Compilation is whole-program: all source gathers into one compilation unit, though namespace boundaries persist. Diagnostics carry source spans and do not stop at the first error — a build reports everything wrong in one pass rather than dribbling errors out over repeated runs.

Backends

Four engines execute Leviathan programs today: oracle IR emit-C++ LLVM — plus a frozen fifth kept only for differential testing. Three native backends consume the same IR; only entry-reachable functions are emitted, and out-of-coverage constructs fail with a diagnostic rather than producing a silently wrong answer.

LLVM
the primary, portable AOT backend (built against LLVM ≥ 18). Emits LLVM IR (--emit-llvm) or a direct object file (--native-obj), linking a portable C runtime plus a platform floor. Covers the full implemented language: objects, collections, closures, exceptions, the event loop, natives, async/await, sockets, HTTP. --build-native out goes straight from source to a linked executable.
emit-C++
always available (--emit-cpp); prints a freestanding C++ translation unit with an embedded runtime, compiled with g++ -O2. Covers the whole language except the event-loop/system layer (sockets, timers, async, file/stdin I/O) — those stay interpreter-bound for now.
Pure x86-64 / ELF
our own machine-code emitter and ELF writer — no g++, no assembler, no linker, no libc — talking to the kernel through syscall only. It once compiled the whole language, but is now frozen: kept as the differential-testing anchor and a possible zero-dependency bootstrap seed, and deliberately never extended further (e.g. it lacks the transcendental math methods the other four engines all have).
Not a project target

The pure ELF backend is reference-only. It is not something a trident.toml-driven project builds against — LLVM is the AOT backend for real artifacts.

Whole-program & ownership

One semantic IR underlies both interpreted execution paths. The tree-walking evaluator is the semantics oracle; the bytecode IR (a register machine) is the lowering target the native backends share. Both run against one runtime value model, and a shared corpus of real programs with expected outputs must produce identical output on every engine — differential testing across all five holds the implementation honest as it grows.

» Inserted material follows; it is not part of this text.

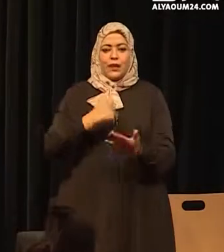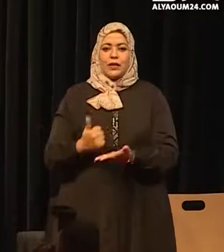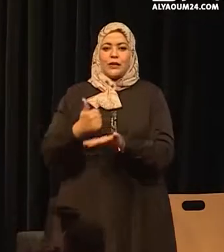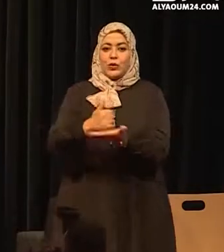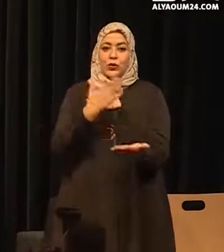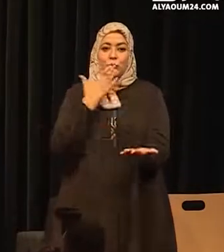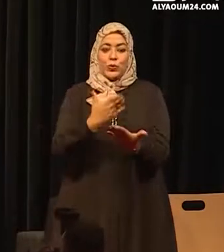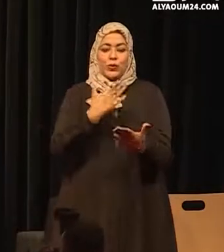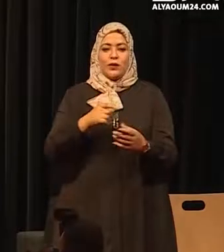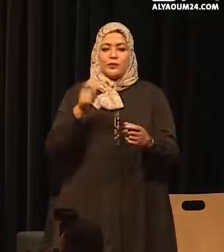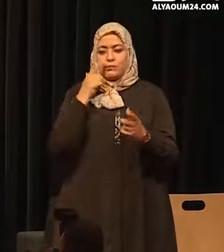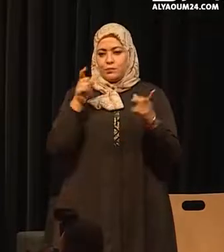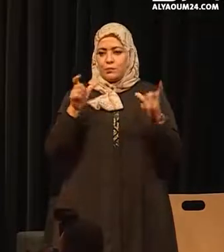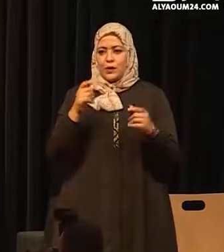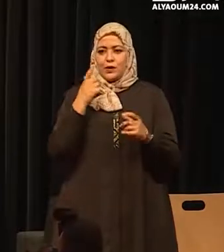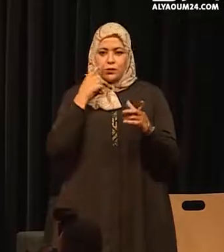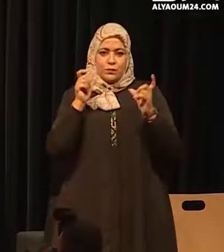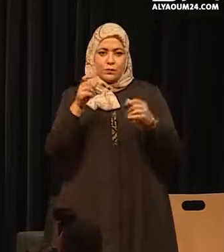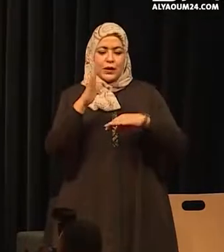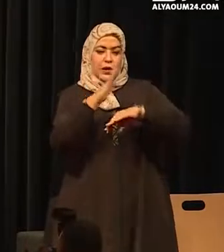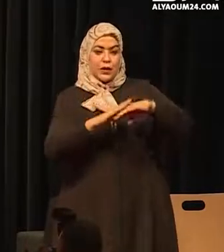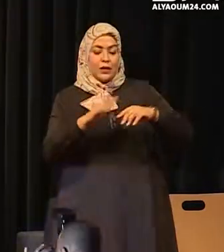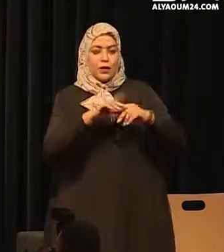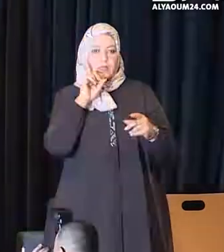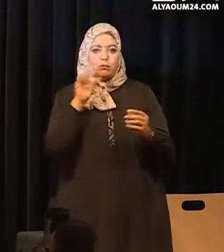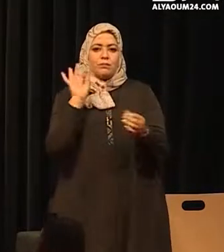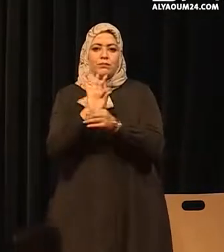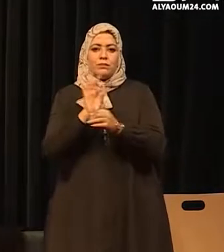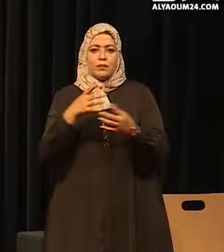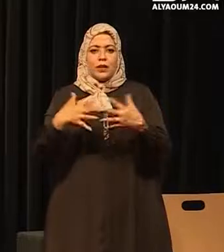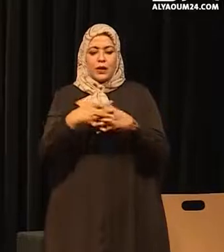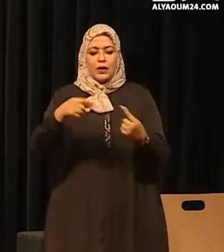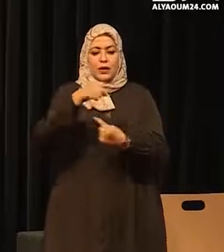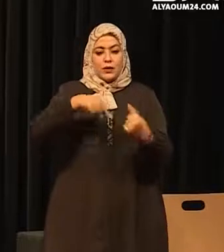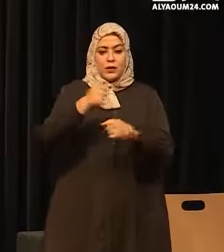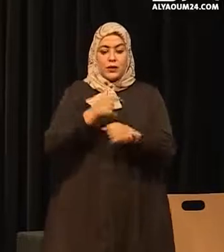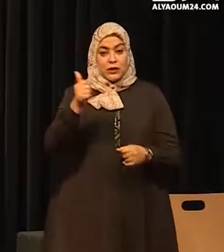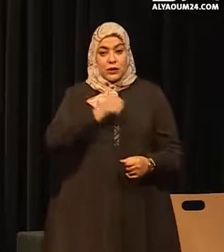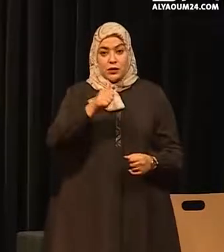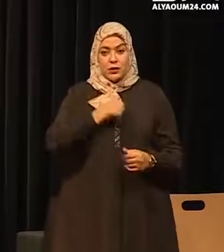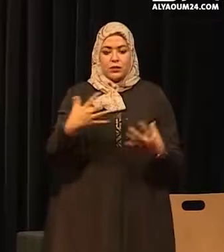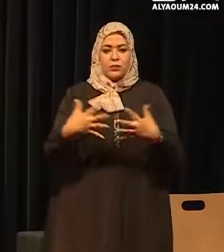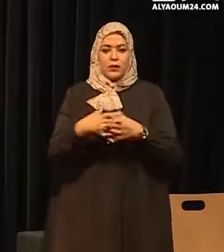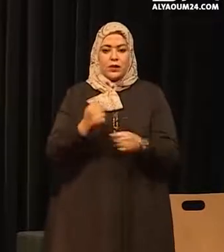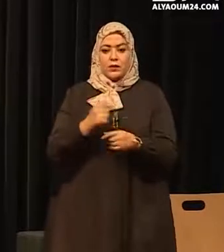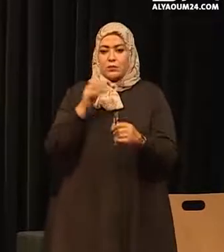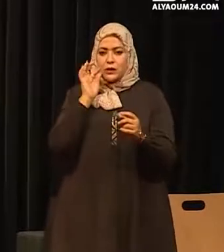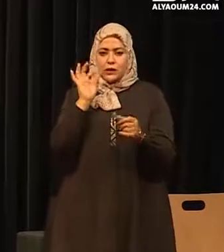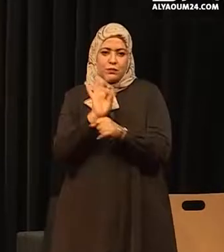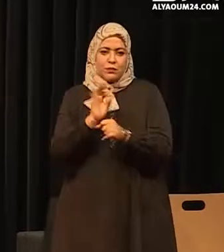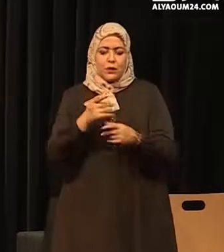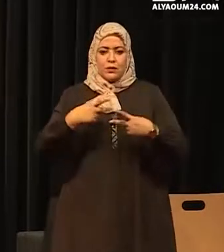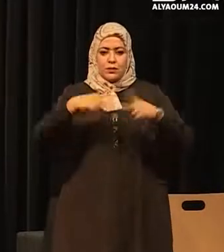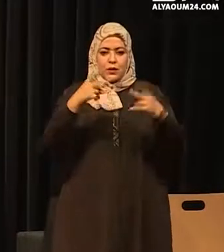بالشفر إلى اللجنة الوطنية لمراقبة حماية المعطيات ذات الطابع الشخصي على إعداد هذه

--ownership runs an interprocedural escape analysis over the IR, classifying every allocation site into one of three tiers:

ClassMeaning
scope-ownedprovably dies with its frame — freed at scope exit with zero runtime bookkeeping
ownership-transferredtransferred by return; the caller's scope inherits the free obligation
refcount tierstored in objects/collections, captured, thrown, or passed to a retaining/unknown callee

--ir-verify executes the program while checking the analysis empirically: every scope-owned allocation is verified dead at frame exit (weak-reference liveness), and any survivor is a soundness violation that fails the run. Over the corpus, 85–90% of allocations are deterministic — scope-owned or transferred — with zero violations. This same per-frame arena tier is what the pure ELF backend and, as of parity work on LLVM, the LLVM backend both use for scope-owned value-struct allocations; escaping allocations fall back to retain/release over a real free-list allocator.